Viaja a Viena por segunda vez en noviembre de 1792 para estudiar con Joseph Hayn. Su padre falleció un mes después y en 1795 sus dos hermanos se reunieron con él. Se ganaba la vida dando conciertos, enseñando piano y con las ventas de sus composiciones. Ganó reputación como pianista virtuoso, y su primera obra importante fue el Concierto para piano no. 1 en do mayor, que se estrenó en 1795.

Miembros de la aristocracia vienesa fueron sus patrones y en 1809, el príncipe Kinsky, el príncipe Lobkowitz, y el archiduque Rodolfo, le garantizaron un ingreso anual con la única condición de que residiera en Viena.

Los últimos treinta años de vida estuvieron marcados por una serie de crisis personales, la primera de ellas fue su sordera. Los primeros síntomas, notables para el compositor ya antes de 1800, lo afectaron socialmente más que musicalmente, en virtud de que continuó componiendo a pesar de que su enfermedad se hacía cada vez más crónica.

La Novena Sinfonía, su obra más famosa, fue compuesta cuando ya estaba completamente sordo.

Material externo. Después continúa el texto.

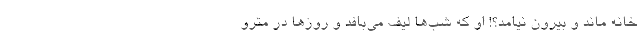
خانه ماند و بیرون نیامد؟! او که شب‌ها لیف می‌بافد و روزها در مترو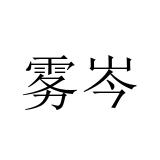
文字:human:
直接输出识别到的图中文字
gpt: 雾岑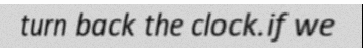
turn back the clock.if we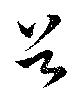
谷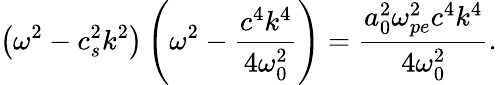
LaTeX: \left(\omega^{2}-c_{s}^{2}k^{2}\right)\left(\omega^{2}-\frac{c^{4}k^{4}}{4\omega_{0}^{2}}\right)=\frac{a_{0}^{2}\omega_{pe}^{2}c^{4}k^{4}}{4\omega_{0}^{2}}.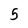
Character: 5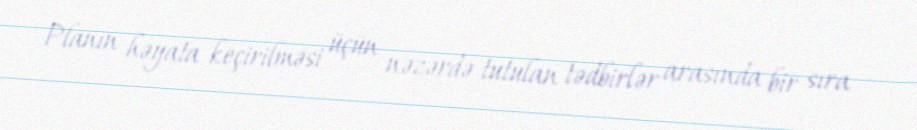
Planın həyata keçirilməsi üçün nəzərdə tutulan tədbirlər arasında bir sıra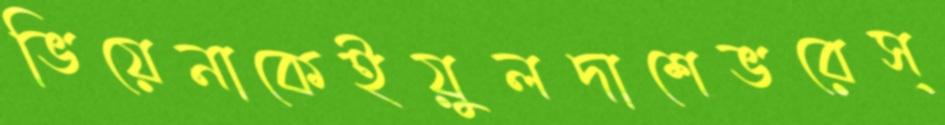
ভিয়েনাকেইয়ুলদাশেভরেস্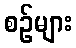
စဉ်များ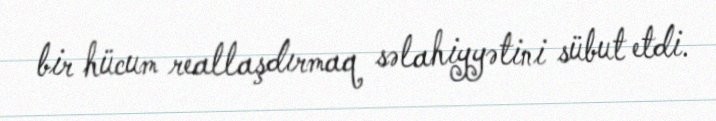
bir hücum reallaşdırmaq səlahiyyətini sübut etdi.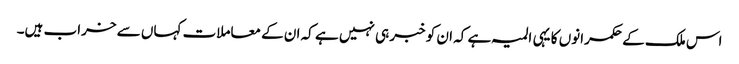
اس ملک کے حکمرانوں کا یہی المیہ ہے کہ ان کو خبر ہی نہیں ہے کہ ان کے معاملات کہاں سے خراب ہیں۔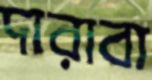
দারাবা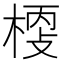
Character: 𣖀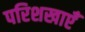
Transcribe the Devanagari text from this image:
परिशखाएँ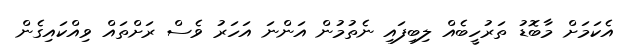
އެކަމަށް މާބޮޑު ތަރުހީބެއް ލިބިފައި ނެތުމުން އަންނަ އަހަރު ވެސް ރަށްތައް ވިއްކައިގެން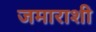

Una segunda crisis, una década después, fue la ruptura con una mujer (probablemente Antonie Brentano, la esposa de un amigo). Fueron varios los amores de Beethoven, entre ellos Giulietta Giucciardi, una condesa de dieciséis años, alumna de Beethoven, y a ella dedicó la inmortal sonata “Claro de Luna”.

A pesar de todo, fue rechazado en todas las proposiciones de matrimonio que hizo. Nunca se casó ni dejó descendencia.

La lista de enfermedades que se cree que sufrió es considerable: inflamación del intestino, deterioro de los huesos, cirrosis, padecimientos de los riñones. Su sordera avanzó a tal grado que ya no podía ejecutar públicamente, y requería una tabla o pequeños cuadernos para comunicarse con los visitantes.

Ludwig van Beethoven falleció el 26 de marzo de 1827 en Viena. Muchos años después, se sostiene que la causa de su muerte fue un tratamiento médico a base de plomo. En esas fechas, Beethoven era tratado en Viena de una pulmonía. El doctor Andreas Wawruch atacó la enfermedad con sales de plomo, habitualmente empleadas en la época contra el exceso de mucosidad.

En su tumba aparece la inscripción: Que los amigos aplaudan. La comedia se ha acabado.